> **Material for this task**
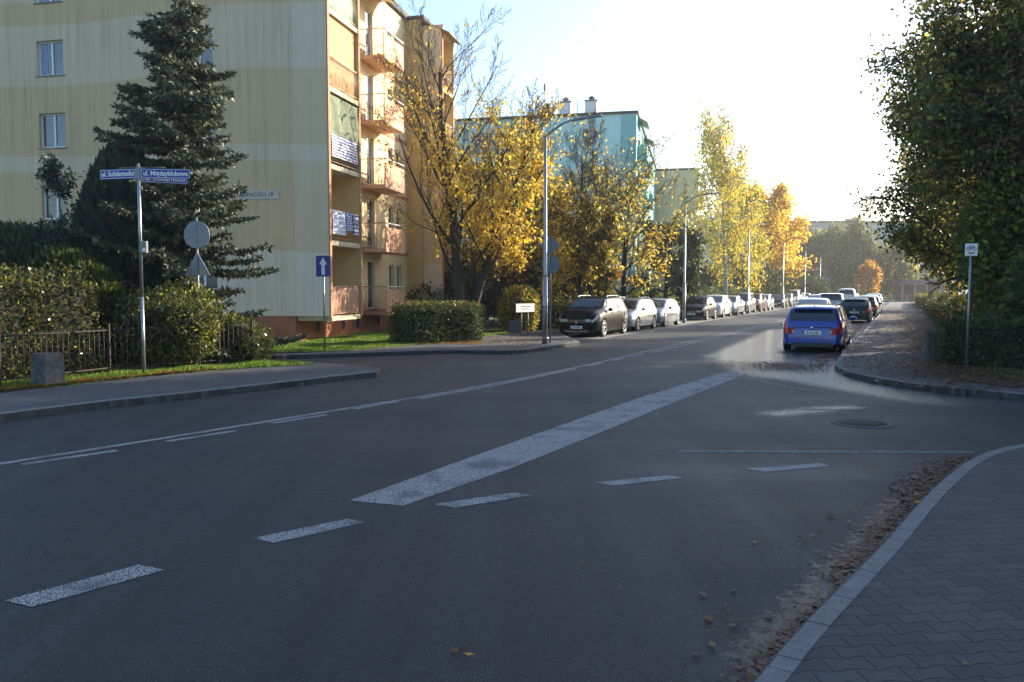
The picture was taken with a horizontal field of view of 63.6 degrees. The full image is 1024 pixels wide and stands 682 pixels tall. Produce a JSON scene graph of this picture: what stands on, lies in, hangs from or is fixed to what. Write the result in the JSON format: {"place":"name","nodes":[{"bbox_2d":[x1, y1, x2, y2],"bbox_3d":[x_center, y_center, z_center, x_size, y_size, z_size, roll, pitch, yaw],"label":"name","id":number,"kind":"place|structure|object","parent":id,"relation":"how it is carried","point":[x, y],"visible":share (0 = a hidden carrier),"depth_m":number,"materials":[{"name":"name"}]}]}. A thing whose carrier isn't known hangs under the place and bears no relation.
{"place":"outdoors","nodes":[
{"label":"outdoors","id":0,"kind":"place"},
{"bbox_2d":[0,356,314,391],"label":"garden ground","id":1,"kind":"structure","parent":0,"point":[6,390],"depth_m":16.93,"materials":[{"name":"green plant"}]},
{"bbox_2d":[0,218,68,284],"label":"juniper","id":2,"kind":"object","parent":1,"relation":"on","point":[17,241],"visible":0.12,"depth_m":19.41,"materials":[{"name":"green plant"}]},
{"bbox_2d":[30,352,65,385],"bbox_3d":[-8.631,0.524,15.365,0.420,0.600,0.420,2,4,25],"label":"concrete bin","id":3,"kind":"object","parent":1,"relation":"on","point":[47,368],"visible":0.99,"depth_m":15.22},
{"bbox_2d":[27,152,84,250],"bbox_3d":[-10.688,-2.011,20.639,2.540,5.308,3.160,-3,5,-38],"label":"young pine","id":4,"kind":"object","parent":1,"relation":"on","point":[50,176],"visible":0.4,"depth_m":19.94,"materials":[{"name":"green plant"}]},
{"bbox_2d":[0,252,113,378],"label":"hedge","id":5,"kind":"object","parent":1,"relation":"on","point":[52,305],"visible":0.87,"depth_m":16.88,"materials":[{"name":"green plant"}]},
{"bbox_2d":[21,242,129,365],"bbox_3d":[-10.052,-0.716,18.718,2.810,3.078,2.672,0,4,0],"label":"juniper","id":6,"kind":"object","parent":1,"relation":"on","point":[110,291],"visible":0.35,"depth_m":18.32,"materials":[{"name":"green plant"}]},
{"bbox_2d":[0,366,216,389],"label":"verge leaves","id":7,"kind":"object","parent":1,"relation":"on","point":[91,379],"visible":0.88,"depth_m":16.01,"materials":[{"name":"brown plant"}]},
{"bbox_2d":[92,302,146,365],"bbox_3d":[-9.186,-0.176,18.951,1.737,1.754,1.547,0,4,0],"label":"shrub","id":8,"kind":"object","parent":1,"relation":"on","point":[119,347],"visible":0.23,"depth_m":18.60,"materials":[{"name":"green plant"}]},
{"bbox_2d":[68,135,182,358],"bbox_3d":[-9.597,-2.314,20.622,2.929,5.570,2.816,0,4,0],"label":"juniper","id":9,"kind":"object","parent":1,"relation":"on","point":[90,215],"visible":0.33,"depth_m":19.68,"materials":[{"name":"green plant"}]},
{"bbox_2d":[0,319,253,385],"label":"iron fence","id":10,"kind":"object","parent":1,"relation":"on","point":[109,367],"visible":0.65,"depth_m":17.48,"materials":[{"name":"metal"}]},
{"bbox_2d":[100,163,189,371],"bbox_3d":[-7.672,-1.449,17.397,1.890,4.485,0.436,-1,4,-9],"label":"street name post","id":11,"kind":"object","parent":1,"relation":"on","point":[168,176],"visible":1,"depth_m":17.19,"materials":[{"name":"metal"}]},
{"bbox_2d":[109,279,226,365],"bbox_3d":[-7.990,-0.369,19.043,3.028,2.114,1.390,0,4,0],"label":"shrub","id":12,"kind":"object","parent":1,"relation":"on","point":[184,316],"visible":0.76,"depth_m":18.77,"materials":[{"name":"green plant"}]},
{"bbox_2d":[68,0,308,362],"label":"spruce tree","id":13,"kind":"object","parent":1,"relation":"on","point":[185,88],"visible":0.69,"depth_m":20.27,"materials":[{"name":"green plant"}]},
{"bbox_2d":[184,217,209,364],"bbox_3d":[-7.174,-1.060,18.924,0.634,3.520,0.098,1,4,8],"label":"road sign","id":14,"kind":"object","parent":1,"relation":"on","point":[196,234],"visible":0.98,"depth_m":18.82,"materials":[{"name":"metal"}]},
{"bbox_2d":[189,312,276,362],"bbox_3d":[-7.127,-0.064,20.357,2.615,1.362,1.454,0,4,0],"label":"shrub","id":15,"kind":"object","parent":1,"relation":"on","point":[232,318],"visible":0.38,"depth_m":20.04,"materials":[{"name":"green plant"}]},
{"bbox_2d":[0,361,379,421],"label":"pavement","id":16,"kind":"structure","parent":0,"point":[88,392],"depth_m":15.26,"materials":[{"name":"concrete"}]},
{"bbox_2d":[275,316,540,352],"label":"lawn","id":17,"kind":"structure","parent":0,"point":[491,326],"depth_m":28.67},
{"bbox_2d":[316,256,330,349],"bbox_3d":[-5.445,-1.037,23.934,0.420,2.850,0.067,0,4,3],"label":"one way sign","id":18,"kind":"object","parent":17,"relation":"on","point":[323,266],"visible":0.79,"depth_m":23.84,"materials":[{"name":"metal"}]},
{"bbox_2d":[259,331,511,351],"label":"lawn grass","id":19,"kind":"structure","parent":17,"relation":"on","point":[364,340],"depth_m":26.90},
{"bbox_2d":[386,297,486,343],"bbox_3d":[-2.546,-0.704,28.308,3.373,1.577,1.973,-3,5,-39],"label":"hedge","id":20,"kind":"object","parent":17,"relation":"on","point":[435,321],"visible":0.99,"depth_m":27.67,"materials":[{"name":"green plant"}]},
{"bbox_2d":[405,268,503,325],"bbox_3d":[-2.701,-2.079,40.384,5.555,3.211,4.626,0,4,0],"label":"shrub","id":21,"kind":"object","parent":17,"relation":"on","point":[470,285],"visible":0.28,"depth_m":39.39,"materials":[{"name":"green plant"}]},
{"bbox_2d":[361,0,588,308],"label":"maple tree","id":22,"kind":"object","parent":17,"relation":"on","point":[500,218],"visible":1,"depth_m":32.76,"materials":[{"name":"yellow plant"}]},
{"bbox_2d":[458,230,510,317],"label":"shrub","id":23,"kind":"object","parent":17,"relation":"on","point":[465,265],"visible":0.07,"depth_m":44.12,"materials":[{"name":"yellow plant"}]},
{"bbox_2d":[507,320,520,332],"bbox_3d":[0.091,-0.597,34.142,0.500,0.500,0.500,-1,4,-10],"label":"concrete bin","id":24,"kind":"object","parent":17,"relation":"on","point":[514,326],"visible":0.97,"depth_m":33.92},
{"bbox_2d":[447,108,583,299],"bbox_3d":[0.066,-5.956,39.362,6.614,10.870,5.409,1,4,16],"label":"autumn tree","id":25,"kind":"object","parent":17,"relation":"on","point":[556,206],"visible":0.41,"depth_m":38.97,"materials":[{"name":"yellow plant"}]},
{"bbox_2d":[495,283,540,331],"bbox_3d":[0.266,-1.380,35.427,1.975,2.182,2.232,0,4,0],"label":"shrub","id":26,"kind":"object","parent":17,"relation":"on","point":[509,301],"visible":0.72,"depth_m":34.94,"materials":[{"name":"green plant"}]},
{"bbox_2d":[493,240,584,306],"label":"shrub","id":27,"kind":"object","parent":17,"relation":"on","point":[503,282],"visible":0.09,"depth_m":42.62,"materials":[{"name":"yellow plant"}]},
{"bbox_2d":[505,289,691,321],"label":"hedge","id":28,"kind":"object","parent":17,"relation":"on","point":[633,294],"visible":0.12,"depth_m":50.53,"materials":[{"name":"green plant"}]},
{"bbox_2d":[694,258,723,288],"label":"pine tree","id":29,"kind":"object","parent":17,"relation":"on","point":[707,278],"visible":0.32,"depth_m":86.42,"materials":[{"name":"green plant"}]},
{"bbox_2d":[691,284,769,295],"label":"hedge","id":30,"kind":"object","parent":17,"relation":"on","point":[712,290],"visible":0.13,"depth_m":78.65,"materials":[{"name":"green plant"}]},
{"bbox_2d":[709,262,790,293],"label":"shrub","id":31,"kind":"object","parent":17,"relation":"on","point":[772,276],"visible":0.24,"depth_m":93.53,"materials":[{"name":"green plant"}]},
{"bbox_2d":[756,261,804,293],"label":"shrub","id":32,"kind":"object","parent":17,"relation":"on","point":[798,281],"visible":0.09,"depth_m":110.38,"materials":[{"name":"green plant"}]},
{"bbox_2d":[269,329,578,359],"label":"pavement","id":33,"kind":"structure","parent":0,"point":[513,346],"depth_m":25.95,"materials":[{"name":"concrete"}]},
{"bbox_2d":[516,303,533,335],"bbox_3d":[0.496,-0.810,31.617,0.060,1.240,1.100,3,5,40],"label":"notice board","id":34,"kind":"object","parent":33,"relation":"on","point":[528,308],"visible":1,"depth_m":31.57,"materials":[{"name":"grey paint"}]},
{"bbox_2d":[540,235,559,342],"bbox_3d":[1.260,-1.700,27.698,0.707,3.704,0.088,-1,4,-8],"label":"road sign","id":35,"kind":"object","parent":33,"relation":"on","point":[553,245],"visible":0.81,"depth_m":27.62,"materials":[{"name":"metal"}]},
{"bbox_2d":[536,298,572,328],"bbox_3d":[2.237,-1.228,37.833,2.525,1.460,1.352,-3,5,-39],"label":"hedge","id":36,"kind":"object","parent":33,"relation":"on","point":[556,310],"visible":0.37,"depth_m":37.20,"materials":[{"name":"green plant"}]},
{"bbox_2d":[541,114,602,343],"bbox_3d":[1.910,-3.470,26.623,2.075,7.370,0.250,2,4,25],"label":"street lamp","id":37,"kind":"object","parent":33,"relation":"on","point":[544,337],"visible":0.98,"depth_m":27.00,"materials":[{"name":"metal"}]},
{"bbox_2d":[529,109,650,304],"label":"autumn tree","id":38,"kind":"object","parent":33,"relation":"on","point":[582,186],"visible":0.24,"depth_m":40.36,"materials":[{"name":"yellow plant"}]},
{"bbox_2d":[552,111,701,297],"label":"autumn tree","id":39,"kind":"object","parent":33,"relation":"on","point":[642,254],"visible":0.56,"depth_m":42.55,"materials":[{"name":"yellow plant"}]},
{"bbox_2d":[627,215,707,306],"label":"autumn tree","id":40,"kind":"object","parent":33,"relation":"on","point":[696,239],"visible":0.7,"depth_m":53.12,"materials":[{"name":"yellow plant"}]},
{"bbox_2d":[672,100,766,294],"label":"birch tree","id":41,"kind":"object","parent":33,"relation":"on","point":[714,161],"visible":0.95,"depth_m":73.71,"materials":[{"name":"yellow plant"}]},
{"bbox_2d":[702,158,779,292],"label":"birch tree","id":42,"kind":"object","parent":33,"relation":"on","point":[761,240],"visible":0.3,"depth_m":82.63,"materials":[{"name":"yellow plant"}]},
{"bbox_2d":[733,178,817,293],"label":"oak tree","id":43,"kind":"object","parent":33,"relation":"on","point":[781,208],"visible":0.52,"depth_m":102.68,"materials":[{"name":"yellow plant"}]},
{"bbox_2d":[0,302,1023,681],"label":"road","id":44,"kind":"structure","parent":0,"point":[510,590],"depth_m":6.90,"materials":[{"name":"asphalt"}]},
{"bbox_2d":[0,371,376,421],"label":"kerb","id":45,"kind":"structure","parent":44,"relation":"on","point":[259,388],"depth_m":14.25,"materials":[{"name":"concrete"}]},
{"bbox_2d":[265,341,578,359],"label":"kerb","id":46,"kind":"structure","parent":44,"relation":"on","point":[277,357],"depth_m":24.10,"materials":[{"name":"concrete"}]},
{"bbox_2d":[0,319,973,606],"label":"road markings","id":47,"kind":"object","parent":44,"relation":"on","point":[482,465],"visible":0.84,"depth_m":9.46,"materials":[{"name":"paint"}]},
{"bbox_2d":[555,446,975,681],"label":"kerb leaves","id":48,"kind":"object","parent":44,"relation":"on","point":[914,495],"visible":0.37,"depth_m":6.04,"materials":[{"name":"brown plant"}]},
{"bbox_2d":[704,320,866,372],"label":"gutter leaves","id":49,"kind":"object","parent":44,"relation":"on","point":[774,365],"visible":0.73,"depth_m":20.53,"materials":[{"name":"brown plant"}]},
{"bbox_2d":[796,298,830,304],"bbox_3d":[14.635,-1.349,40.030,2.146,1.496,4.553,2,4,25],"label":"sedan car","id":50,"kind":"object","parent":44,"relation":"on","point":[814,301],"visible":0.09,"depth_m":39.03,"materials":[{"name":"silver paint"}]},
{"bbox_2d":[783,302,856,351],"bbox_3d":[9.964,-0.521,26.828,2.174,1.485,4.714,2,4,25],"label":"estate car","id":51,"kind":"object","parent":44,"relation":"on","point":[818,325],"visible":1,"depth_m":24.87,"materials":[{"name":"blue paint"}]},
{"bbox_2d":[819,292,845,304],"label":"off road car","id":52,"kind":"object","parent":44,"relation":"on","point":[835,298],"visible":0.16,"depth_m":57.10,"materials":[{"name":"beige paint"}]},
{"bbox_2d":[838,297,875,322],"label":"hatchback car","id":53,"kind":"object","parent":44,"relation":"on","point":[859,308],"visible":0.7,"depth_m":46.90,"materials":[{"name":"green paint"}]},
{"bbox_2d":[830,418,894,427],"bbox_3d":[4.983,1.161,11.755,0.860,0.010,0.860,0,4,0],"label":"manhole cover","id":54,"kind":"object","parent":44,"relation":"on","point":[862,423],"visible":1,"depth_m":11.71,"materials":[{"name":"metal"}]},
{"bbox_2d":[853,296,881,318],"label":"estate car","id":55,"kind":"object","parent":44,"relation":"on","point":[873,300],"visible":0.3,"depth_m":52.62,"materials":[{"name":"paint"}]},
{"bbox_2d":[755,444,1023,681],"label":"kerb","id":56,"kind":"structure","parent":44,"relation":"on","point":[790,656],"depth_m":4.96,"materials":[{"name":"concrete"}]},
{"bbox_2d":[835,302,1023,400],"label":"kerb","id":57,"kind":"structure","parent":44,"relation":"on","point":[843,355],"depth_m":15.86,"materials":[{"name":"concrete"}]},
{"bbox_2d":[567,304,795,338],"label":"parking bay","id":58,"kind":"object","parent":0,"point":[628,331],"visible":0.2,"depth_m":41.25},
{"bbox_2d":[559,295,627,336],"bbox_3d":[3.458,-1.093,34.640,2.183,1.655,4.364,2,4,25],"label":"off road car","id":59,"kind":"object","parent":58,"relation":"on","point":[601,316],"visible":0.99,"depth_m":33.32,"materials":[{"name":"brown paint"}]},
{"bbox_2d":[561,195,626,296],"bbox_3d":[3.985,-3.667,38.465,2.717,6.400,2.834,3,4,37],"label":"autumn tree","id":60,"kind":"object","parent":58,"relation":"on","point":[604,262],"visible":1,"depth_m":38.22,"materials":[{"name":"yellow plant"}]},
{"bbox_2d":[622,297,656,330],"bbox_3d":[5.509,-1.309,38.999,2.127,1.544,4.503,2,4,25],"label":"estate car","id":61,"kind":"object","parent":58,"relation":"on","point":[642,311],"visible":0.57,"depth_m":38.25,"materials":[{"name":"silver paint"}]},
{"bbox_2d":[647,298,679,326],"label":"hatchback car","id":62,"kind":"object","parent":58,"relation":"on","point":[668,310],"visible":0.57,"depth_m":42.58,"materials":[{"name":"white paint"}]},
{"bbox_2d":[680,296,716,319],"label":"hatchback car","id":63,"kind":"object","parent":58,"relation":"on","point":[704,307],"visible":0.95,"depth_m":51.26,"materials":[{"name":"black paint"}]},
{"bbox_2d":[682,192,719,322],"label":"street lamp","id":64,"kind":"object","parent":58,"relation":"on","point":[684,299],"visible":0.95,"depth_m":46.77,"materials":[{"name":"metal"}]},
{"bbox_2d":[706,294,731,317],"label":"hatchback car","id":65,"kind":"object","parent":58,"relation":"on","point":[724,304],"visible":0.52,"depth_m":56.29,"materials":[{"name":"white paint"}]},
{"bbox_2d":[727,295,744,314],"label":"sedan car","id":66,"kind":"object","parent":58,"relation":"on","point":[738,304],"visible":0.48,"depth_m":60.83,"materials":[{"name":"silver paint"}]},
{"bbox_2d":[731,292,755,313],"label":"minivan car","id":67,"kind":"object","parent":58,"relation":"on","point":[748,299],"visible":0.48,"depth_m":65.52,"materials":[{"name":"paint"}]},
{"bbox_2d":[754,293,766,311],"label":"off road car","id":68,"kind":"object","parent":58,"relation":"on","point":[760,298],"visible":0.48,"depth_m":70.61,"materials":[{"name":"red paint"}]},
{"bbox_2d":[771,294,787,307],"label":"sedan car","id":69,"kind":"object","parent":58,"relation":"on","point":[780,300],"visible":0.59,"depth_m":84.58,"materials":[{"name":"black paint"}]},
{"bbox_2d":[789,274,830,293],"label":"shrub","id":70,"kind":"object","parent":58,"relation":"on","point":[813,285],"visible":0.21,"depth_m":115.88,"materials":[{"name":"green plant"}]},
{"bbox_2d":[394,0,995,289],"label":"sky","id":71,"kind":"structure","parent":0,"point":[790,71],"materials":[{"name":"white"}]},
{"bbox_2d":[751,448,1023,681],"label":"pavement","id":72,"kind":"structure","parent":0,"point":[923,606],"depth_m":4.71,"materials":[{"name":"concrete"}]},
{"bbox_2d":[883,300,914,301],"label":"verge","id":73,"kind":"structure","parent":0,"point":[896,301],"depth_m":127.40,"materials":[{"name":"green plant"}]},
{"bbox_2d":[794,238,813,276],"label":"poplar tree","id":74,"kind":"object","parent":73,"relation":"on","point":[802,253],"visible":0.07,"depth_m":147.45,"materials":[{"name":"yellow plant"}]},
{"bbox_2d":[800,218,844,292],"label":"willow tree","id":75,"kind":"object","parent":73,"relation":"on","point":[817,239],"visible":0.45,"depth_m":146.35,"materials":[{"name":"green plant"}]},
{"bbox_2d":[699,217,955,292],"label":"apartment building","id":76,"kind":"structure","parent":73,"relation":"on","point":[819,224],"depth_m":169.55,"materials":[{"name":"concrete"}]},
{"bbox_2d":[819,212,892,298],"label":"willow tree","id":77,"kind":"object","parent":73,"relation":"on","point":[854,246],"visible":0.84,"depth_m":140.73,"materials":[{"name":"green plant"}]},
{"bbox_2d":[852,258,883,294],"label":"maple tree","id":78,"kind":"object","parent":73,"relation":"on","point":[869,278],"visible":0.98,"depth_m":129.13,"materials":[{"name":"orange plant"}]},
{"bbox_2d":[874,239,922,298],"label":"poplar tree","id":79,"kind":"object","parent":73,"relation":"on","point":[898,270],"visible":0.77,"depth_m":138.41,"materials":[{"name":"green plant"}]},
{"bbox_2d":[894,280,942,300],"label":"building","id":80,"kind":"structure","parent":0,"point":[908,287],"depth_m":132.38,"materials":[{"name":"grey glass"}]},
{"bbox_2d":[835,302,1023,400],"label":"pavement","id":81,"kind":"structure","parent":0,"point":[874,347],"depth_m":21.13,"materials":[{"name":"concrete"}]},
{"bbox_2d":[836,307,1023,390],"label":"pavement leaves","id":82,"kind":"object","parent":81,"relation":"on","point":[971,378],"visible":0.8,"depth_m":19.20,"materials":[{"name":"brown plant"}]},
{"bbox_2d":[910,302,1023,381],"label":"soil strip","id":83,"kind":"object","parent":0,"point":[919,310],"visible":0.12,"depth_m":18.78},
{"bbox_2d":[886,45,978,276],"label":"street tree","id":84,"kind":"object","parent":83,"relation":"on","point":[903,165],"visible":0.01,"depth_m":40.48,"materials":[{"name":"green plant"}]},
{"bbox_2d":[921,331,944,362],"bbox_3d":[10.479,0.145,20.319,0.660,0.740,0.692,1,4,20],"label":"concrete bin","id":85,"kind":"object","parent":83,"relation":"on","point":[931,349],"visible":0.43,"depth_m":20.10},
{"bbox_2d":[844,0,1023,302],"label":"street tree","id":86,"kind":"object","parent":83,"relation":"on","point":[909,240],"visible":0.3,"depth_m":28.76,"materials":[{"name":"green plant"}]},
{"bbox_2d":[878,0,1023,251],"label":"street tree","id":87,"kind":"object","parent":83,"relation":"on","point":[998,122],"visible":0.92,"depth_m":22.67,"materials":[{"name":"green plant"}]},
{"bbox_2d":[965,243,977,368],"bbox_3d":[10.186,-0.716,18.419,0.250,2.895,0.068,1,4,18],"label":"bicycle sign","id":88,"kind":"object","parent":83,"relation":"on","point":[971,250],"visible":0.97,"depth_m":18.37,"materials":[{"name":"metal"}]},
{"bbox_2d":[920,289,1023,330],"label":"hedge","id":89,"kind":"object","parent":83,"relation":"on","point":[937,308],"visible":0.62,"depth_m":31.78,"materials":[{"name":"green plant"}]},
{"bbox_2d":[924,362,1023,379],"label":"grass","id":90,"kind":"structure","parent":83,"relation":"on","point":[996,368],"depth_m":17.95,"materials":[{"name":"green plant"}]},
{"bbox_2d":[935,315,1023,368],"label":"hedge","id":91,"kind":"object","parent":83,"relation":"on","point":[996,346],"visible":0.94,"depth_m":18.98,"materials":[{"name":"green plant"}]},
{"bbox_2d":[948,154,1023,310],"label":"shrub","id":92,"kind":"object","parent":83,"relation":"on","point":[979,218],"visible":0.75,"depth_m":22.58,"materials":[{"name":"green plant"}]},
{"bbox_2d":[993,246,1023,328],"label":"shrub","id":93,"kind":"object","parent":83,"relation":"on","point":[1009,297],"visible":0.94,"depth_m":18.87,"materials":[{"name":"green plant"}]},
{"label":"ground","id":94,"kind":"structure","parent":0,"visible":0},
{"bbox_2d":[0,0,462,339],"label":"apartment building","id":95,"kind":"structure","parent":94,"relation":"on","point":[302,85],"depth_m":29.15,"materials":[{"name":"paint"}]},
{"bbox_2d":[35,41,64,76],"bbox_3d":[-16.454,-10.081,29.531,1.200,1.255,0.240,1,4,12],"label":"window","id":96,"kind":"structure","parent":95,"relation":"in","point":[50,53],"depth_m":29.61,"materials":[{"name":"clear glass"}]},
{"bbox_2d":[38,113,66,148],"bbox_3d":[-16.454,-7.536,29.689,1.200,1.255,0.240,1,4,12],"label":"window","id":97,"kind":"structure","parent":95,"relation":"in","point":[53,125],"depth_m":29.77,"materials":[{"name":"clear glass"}]},
{"bbox_2d":[42,186,69,219],"bbox_3d":[-16.454,-4.991,29.848,1.200,1.255,0.240,1,4,12],"label":"window","id":98,"kind":"structure","parent":95,"relation":"in","point":[52,206],"depth_m":29.97,"materials":[{"name":"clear glass"}]},
{"bbox_2d":[189,30,213,65],"bbox_3d":[-10.704,-10.001,28.258,1.200,1.255,0.240,1,4,12],"label":"window","id":99,"kind":"structure","parent":95,"relation":"in","point":[204,57],"depth_m":28.30,"materials":[{"name":"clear glass"}]},
{"bbox_2d":[191,260,218,290],"bbox_3d":[-10.704,-2.366,28.735,1.200,1.255,0.240,1,4,12],"label":"window","id":100,"kind":"structure","parent":95,"relation":"in","point":[211,282],"depth_m":28.80,"materials":[{"name":"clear glass"}]},
{"bbox_2d":[222,190,278,199],"bbox_3d":[-8.888,-4.958,28.074,2.100,0.300,0.026,1,4,12],"label":"street name board","id":101,"kind":"object","parent":95,"relation":"attached to","point":[261,194],"visible":0.77,"depth_m":27.99,"materials":[{"name":"white"}]},
{"bbox_2d":[332,209,345,234],"bbox_3d":[-5.934,-4.048,28.268,0.100,0.800,1.100,1,4,12],"label":"towel","id":102,"kind":"object","parent":95,"relation":"hanging from","point":[338,224],"visible":1,"depth_m":28.18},
{"bbox_2d":[331,133,357,164],"bbox_3d":[-5.814,-6.641,28.644,0.100,0.750,2.200,1,4,12],"label":"blanket","id":103,"kind":"object","parent":95,"relation":"hanging from","point":[344,149],"visible":1,"depth_m":28.56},
{"bbox_2d":[365,9,370,54],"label":"window","id":104,"kind":"structure","parent":95,"relation":"in","point":[367,14],"depth_m":34.02,"materials":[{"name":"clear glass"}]},
{"bbox_2d":[366,73,371,119],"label":"window","id":105,"kind":"structure","parent":95,"relation":"in","point":[368,81],"depth_m":34.22,"materials":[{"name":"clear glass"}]},
{"bbox_2d":[366,135,372,184],"bbox_3d":[-5.895,-7.424,34.155,0.190,2.035,0.900,1,4,12],"label":"window","id":106,"kind":"structure","parent":95,"relation":"in","point":[368,146],"depth_m":34.31,"materials":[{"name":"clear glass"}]},
{"bbox_2d":[367,198,373,247],"bbox_3d":[-5.895,-4.879,34.314,0.190,2.035,0.900,1,4,12],"label":"window","id":107,"kind":"structure","parent":95,"relation":"in","point":[369,201],"depth_m":34.50,"materials":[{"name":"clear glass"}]},
{"bbox_2d":[368,260,376,309],"bbox_3d":[-5.895,-2.334,34.472,0.190,2.035,0.900,1,4,12],"label":"window","id":108,"kind":"structure","parent":95,"relation":"in","point":[370,263],"depth_m":34.65,"materials":[{"name":"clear glass"}]},
{"bbox_2d":[454,83,656,290],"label":"apartment building","id":109,"kind":"structure","parent":94,"relation":"on","point":[618,125],"depth_m":62.24,"materials":[{"name":"teal paint"}]},
{"bbox_2d":[653,153,703,289],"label":"apartment building","id":110,"kind":"structure","parent":94,"relation":"on","point":[666,211],"depth_m":89.76,"materials":[{"name":"beige paint"}]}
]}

> **Task objective**
For each line above that contains the word "ground", make a copy.

> **Exercise response**
{"bbox_2d":[0,356,314,391],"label":"garden ground","id":1,"kind":"structure","parent":0,"point":[6,390],"depth_m":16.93,"materials":[{"name":"green plant"}]},
{"label":"ground","id":94,"kind":"structure","parent":0,"visible":0},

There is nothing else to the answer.